Quigley throws two-seam and four-seam fastballs and a hard slider. He said he occasionally uses a changeup against left-handed hitters.
“I’m basically a two-pitch reliever,” he said. “In a relief role, I’m a believer that you don’t need to complicate it. If you have two pitches that work well, you can succeed.
“But when you get to the higher levels, you won’t always get a lot of strikeouts like I got here. You have to be able to get guys to hit the ball on the ground.”
Quigley had been named after the season as the pitching coach at University of St. Francis for new head coach Brian Michalak. He is working with the team daily, “but more as an assistant pitching coach now,” he said.
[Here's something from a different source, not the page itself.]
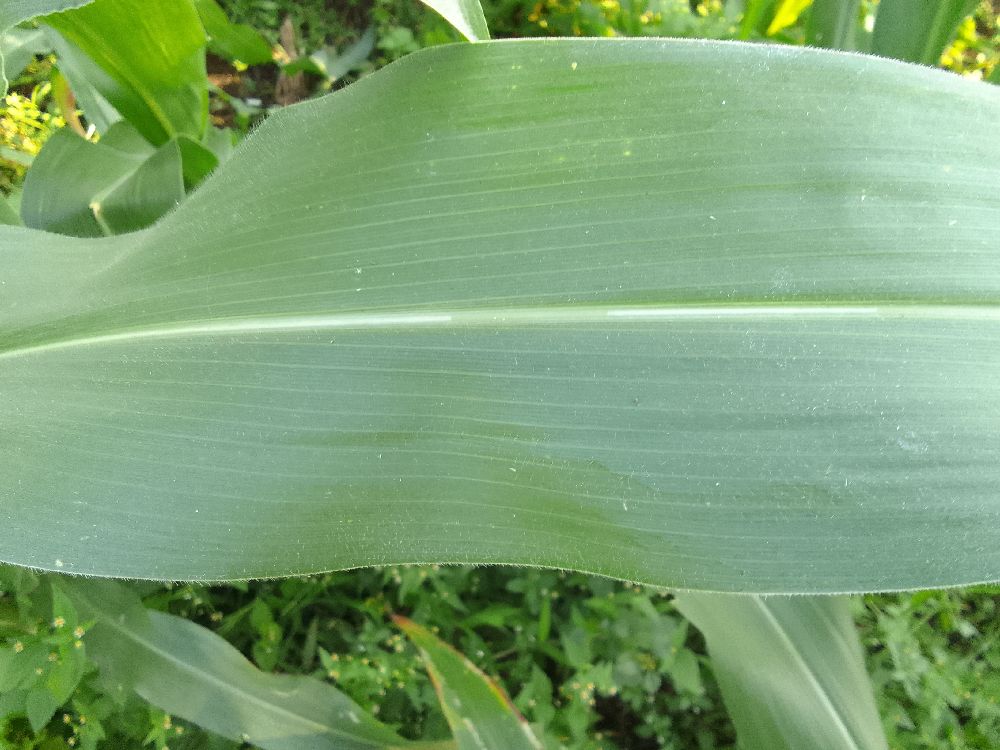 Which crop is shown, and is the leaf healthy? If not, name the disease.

maize, healthy
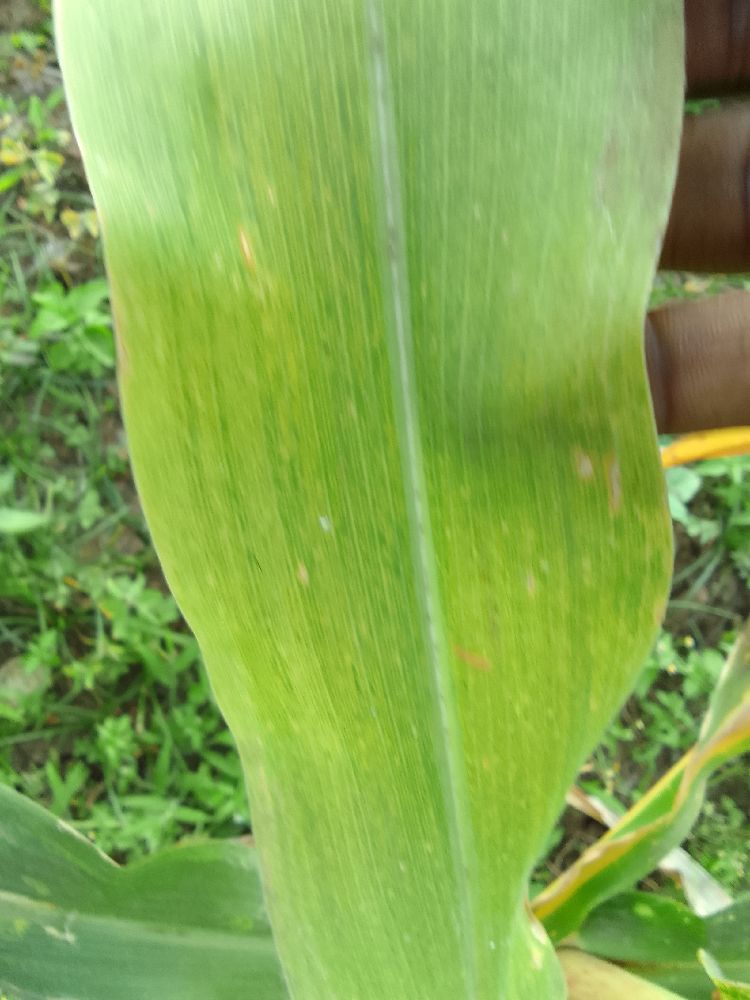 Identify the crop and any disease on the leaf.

maize, maize lethal necrosis

The Saints’ new pitching coach is Brian Smith, who was superb as Quigley’s eighth-inning setup man with the Slammers.
“We already transitioned the coaching from me to him,” Quigley said. “Brian is my roommate and he will play for the Slammers again next season. His dad, Bill, played for Gordie (Gillespie) at St. Francis in the ’80s.”
In a worst-case scenario, if things do not go as hoped with the Diamondbacks, Quigley pointed out he has one year of eligibility in the Frontier League. “The Slammers still hold my rights for independent ball,” he said. “I’m hoping that won’t be the case, but this is not a bad place to play.”